Indeed, we cannot understand U.S. strategic decisions in Vietnam without reference to nuclear deterrence. Many policymakers had come to believe that strategy in the traditional sense was no longer possible in the nuclear age. Rather than focusing on the choice of the proper means to achieve national goals, as strategy demands, policymakers saw Vietnam and similar cases as “crises” in need of control. The goal was to prevent a crisis from spinning out of control, leading to uncontrolled escalation, possibly to nuclear war.
Moyar does acknowledge the role of the academic theory of limited war, which was developed precisely to prevent a crisis from escalating. Most often associated with the Harvard political scientist Thomas Schelling, limited war theory emphasized using military force in a controlled way to “signal” one’s opponent. The central idea was that rational actors on both sides would limit the steps they took in order to avoid the escalation of a crisis.
Secretary of Defense Robert McNamara was a proponent of Schelling’s theory, but the uniformed military and former President Eisenhower were skeptical. Limited war theory was the very negation of strategy, but McNamara and others wrongly saw the Cuban Missile Crisis as its validation. Unfortunately, the attempt to use limited war theory to shape U.S. policy and strategy for Vietnam proved especially counterproductive, if for no other reason than the “value of the object” for the North Vietnamese was greater than that of the Soviets in Cuba.
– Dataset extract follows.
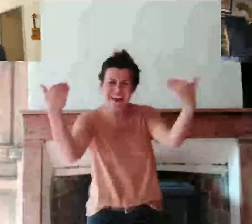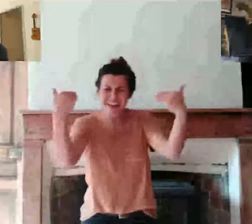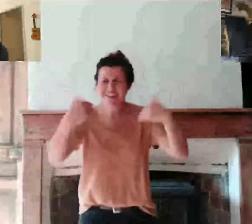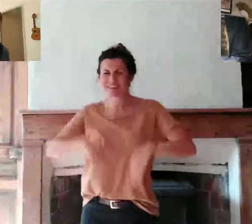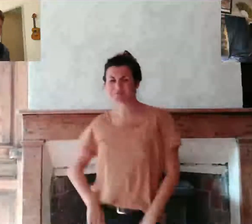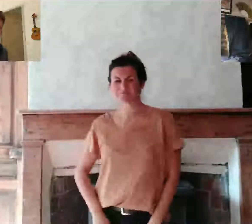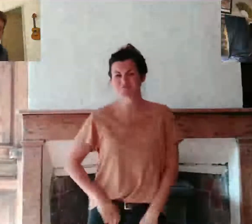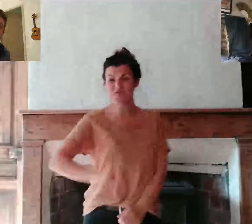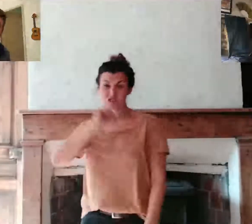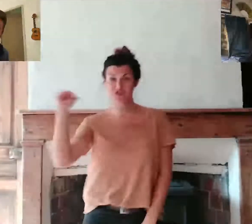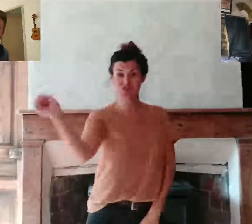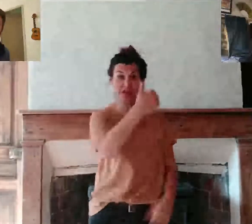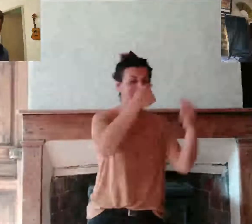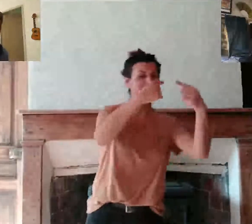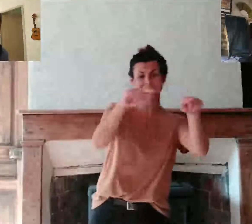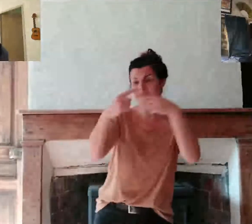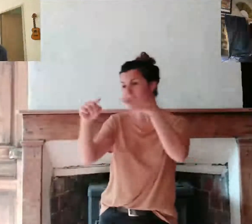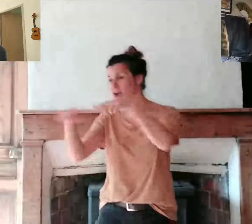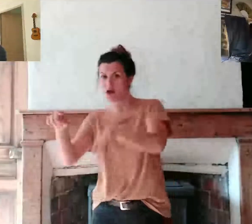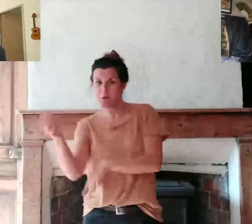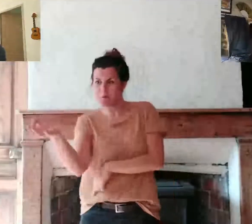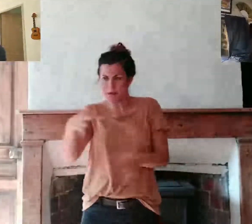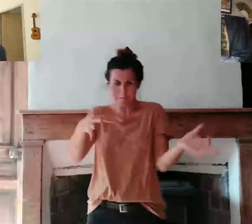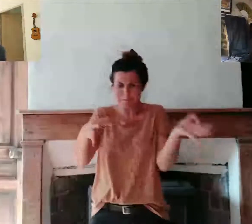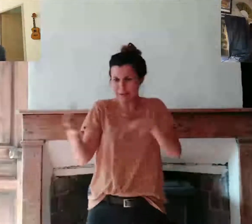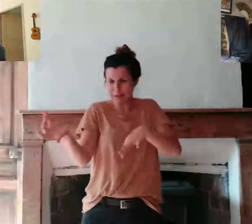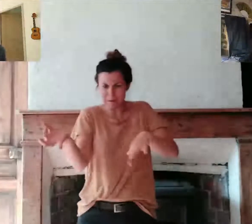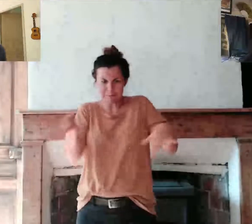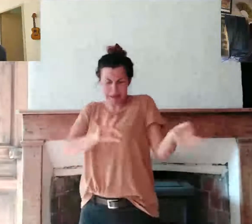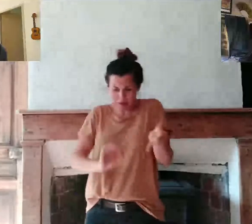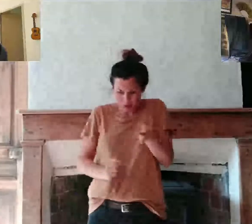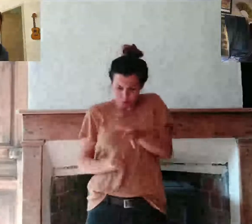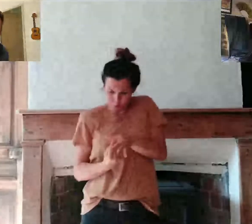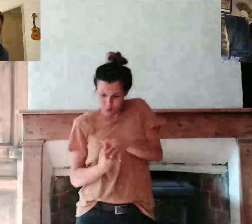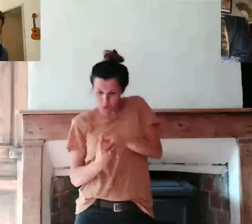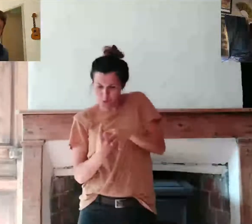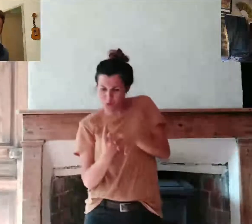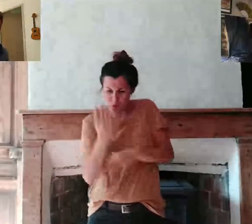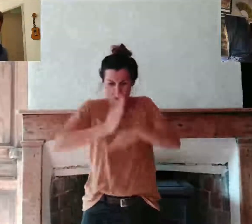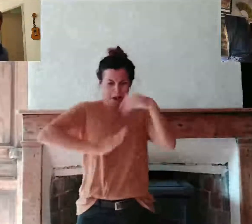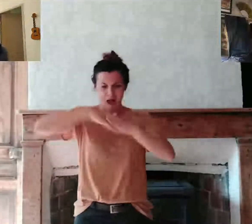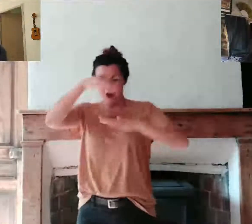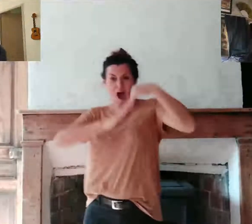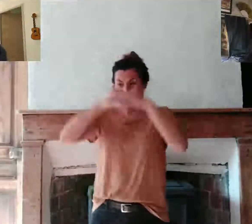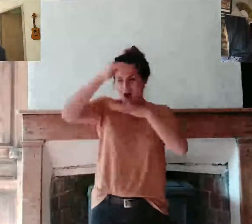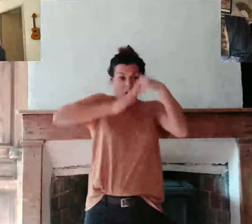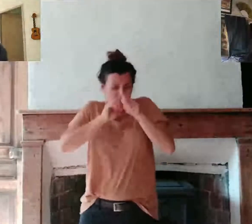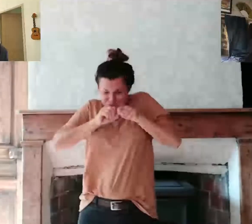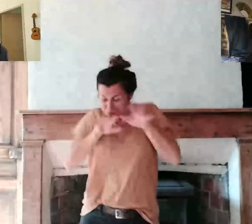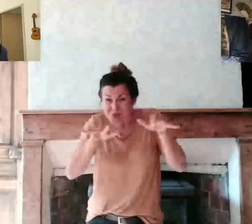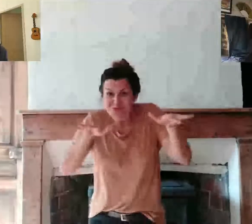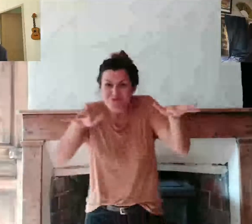! Nos différences sont la richesse Un fer de lance, une

One of Johnson’s fears was that, if the United States invaded North Vietnam or Laos to interdict the Ho Chi Minh Trail, China would intervene. But contemporary Chinese documents make it clear that no such response was contemplated. Moyar shows that our actions in Vietnam were based on bad intelligence in the service of a flawed theory of war. This contention is supported by the fact that, in 1972-73, Richard Nixon employed many of the same options available to Johnson in late 1964, and these steps would most likely have preserved the independence of South Vietnam had it not been for the action of Congress in 1974-75 to completely cut off all military support to our ally.
No review can do full justice to this critically important book. Triumph Forsaken is meticulously documented and bold in its interpretation of the record. Even orthodox historians will be forced to acknowledge the magnitude of Moyar’s scholarly achievement. It should, at the least, reopen the debate about America’s Vietnam enterprise, reminding us that countries are not destined to win or lose wars. Victory or defeat depends on decisions actually made and strategies actually implemented.
Mackubin Thomas Owens is professor of national security at the Naval War College.